In den 50er-Jahren wurde der Garten der Öffentlichkeit zugänglich
gemacht. Der Japanische Garten in Leverkusen ist 2006 in die Hitliste der zehn schönsten deutschen Parks gewählt worden.
Wir verlassen den Japanischen Garten auf dem gleichen Weg, auf
dem wir gekommen sind, und wenden uns an der Düsseldorfer
Straße nach links. Bis zur Einmündung der Titanstraße führt
die Route nun über den kombinierten Rad- und Fußweg entlang
der Düsseldorfer Straße.
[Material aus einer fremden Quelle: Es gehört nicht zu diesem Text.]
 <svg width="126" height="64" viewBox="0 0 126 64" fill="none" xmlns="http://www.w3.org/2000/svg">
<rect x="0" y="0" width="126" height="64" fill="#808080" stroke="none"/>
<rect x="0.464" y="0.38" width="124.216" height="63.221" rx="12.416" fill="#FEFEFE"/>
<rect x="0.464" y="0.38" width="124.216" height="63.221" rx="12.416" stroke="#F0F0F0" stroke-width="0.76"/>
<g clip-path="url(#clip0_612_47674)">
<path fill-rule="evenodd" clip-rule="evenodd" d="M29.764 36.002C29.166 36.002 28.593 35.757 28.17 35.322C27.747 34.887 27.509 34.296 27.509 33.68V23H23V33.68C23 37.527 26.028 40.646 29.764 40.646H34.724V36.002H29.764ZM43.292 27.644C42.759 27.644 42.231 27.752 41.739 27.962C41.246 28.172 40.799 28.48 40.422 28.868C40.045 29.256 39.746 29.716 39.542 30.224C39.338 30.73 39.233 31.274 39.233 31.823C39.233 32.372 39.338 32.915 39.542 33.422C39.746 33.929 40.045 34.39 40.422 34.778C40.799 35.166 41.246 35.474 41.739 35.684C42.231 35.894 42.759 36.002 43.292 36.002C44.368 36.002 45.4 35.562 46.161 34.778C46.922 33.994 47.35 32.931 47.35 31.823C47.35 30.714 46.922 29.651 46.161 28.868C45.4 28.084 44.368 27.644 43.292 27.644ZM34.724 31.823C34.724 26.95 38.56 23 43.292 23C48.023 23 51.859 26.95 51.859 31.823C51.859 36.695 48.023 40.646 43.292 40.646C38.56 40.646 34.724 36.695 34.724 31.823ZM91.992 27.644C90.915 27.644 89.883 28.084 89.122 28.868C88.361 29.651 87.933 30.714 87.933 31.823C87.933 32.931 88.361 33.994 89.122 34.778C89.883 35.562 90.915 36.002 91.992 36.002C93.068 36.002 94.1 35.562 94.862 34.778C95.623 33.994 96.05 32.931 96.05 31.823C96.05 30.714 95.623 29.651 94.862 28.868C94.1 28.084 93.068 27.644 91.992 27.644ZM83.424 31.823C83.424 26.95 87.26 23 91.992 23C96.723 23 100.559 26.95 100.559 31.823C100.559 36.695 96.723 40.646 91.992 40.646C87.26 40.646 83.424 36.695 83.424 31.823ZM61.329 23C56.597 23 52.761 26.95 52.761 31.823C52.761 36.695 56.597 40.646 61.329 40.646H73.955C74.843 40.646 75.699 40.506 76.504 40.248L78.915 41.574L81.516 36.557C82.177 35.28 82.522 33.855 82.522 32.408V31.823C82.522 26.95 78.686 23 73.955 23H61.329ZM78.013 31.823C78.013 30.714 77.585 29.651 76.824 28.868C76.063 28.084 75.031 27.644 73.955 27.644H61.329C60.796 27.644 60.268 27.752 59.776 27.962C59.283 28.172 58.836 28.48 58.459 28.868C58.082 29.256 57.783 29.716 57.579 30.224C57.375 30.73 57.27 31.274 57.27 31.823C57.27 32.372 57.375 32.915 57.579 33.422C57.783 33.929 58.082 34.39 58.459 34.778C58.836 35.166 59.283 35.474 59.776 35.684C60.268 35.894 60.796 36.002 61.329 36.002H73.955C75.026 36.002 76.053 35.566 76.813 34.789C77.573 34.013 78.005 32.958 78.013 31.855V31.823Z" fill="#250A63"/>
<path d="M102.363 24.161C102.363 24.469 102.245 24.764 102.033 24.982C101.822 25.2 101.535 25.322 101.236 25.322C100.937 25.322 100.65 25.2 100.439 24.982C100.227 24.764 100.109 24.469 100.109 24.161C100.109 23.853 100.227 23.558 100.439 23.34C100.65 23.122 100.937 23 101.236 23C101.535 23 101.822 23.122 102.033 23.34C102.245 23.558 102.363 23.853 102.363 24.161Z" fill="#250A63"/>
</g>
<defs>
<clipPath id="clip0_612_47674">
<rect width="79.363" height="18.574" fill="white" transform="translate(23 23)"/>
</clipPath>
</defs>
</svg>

Die Einmündung der Titanstraße
überqueren wir an der Ampel und folgen ihr nach links auf dem
rechten Rad- und Fußweg bis zur Peschstraße. Wir wenden uns
nach links in die Peschstraße und noch einmal nach links in die
Hauptstraße. Endlich haben wir nach kurzer Distanz die Rheinallee und somit das Flussufer erreicht. Wir folgen nun der NRWBeschilderung zunächst in Richtung Merkenich. Kurz vor der
Weggabelung, die links hinunter nach Hitdorf/Monheim führt,
lädt die Wacht am Rhein mit ihrer Außenterrasse zu einer Einkehr ein. Wir nehmen die rechte Abzweigung in Richtung Neuland-Park (siehe S. 88) auf dem Gelände der Landesgartenschau, die 2005 in Leverkusen stattfand (BP mit Tour G 01).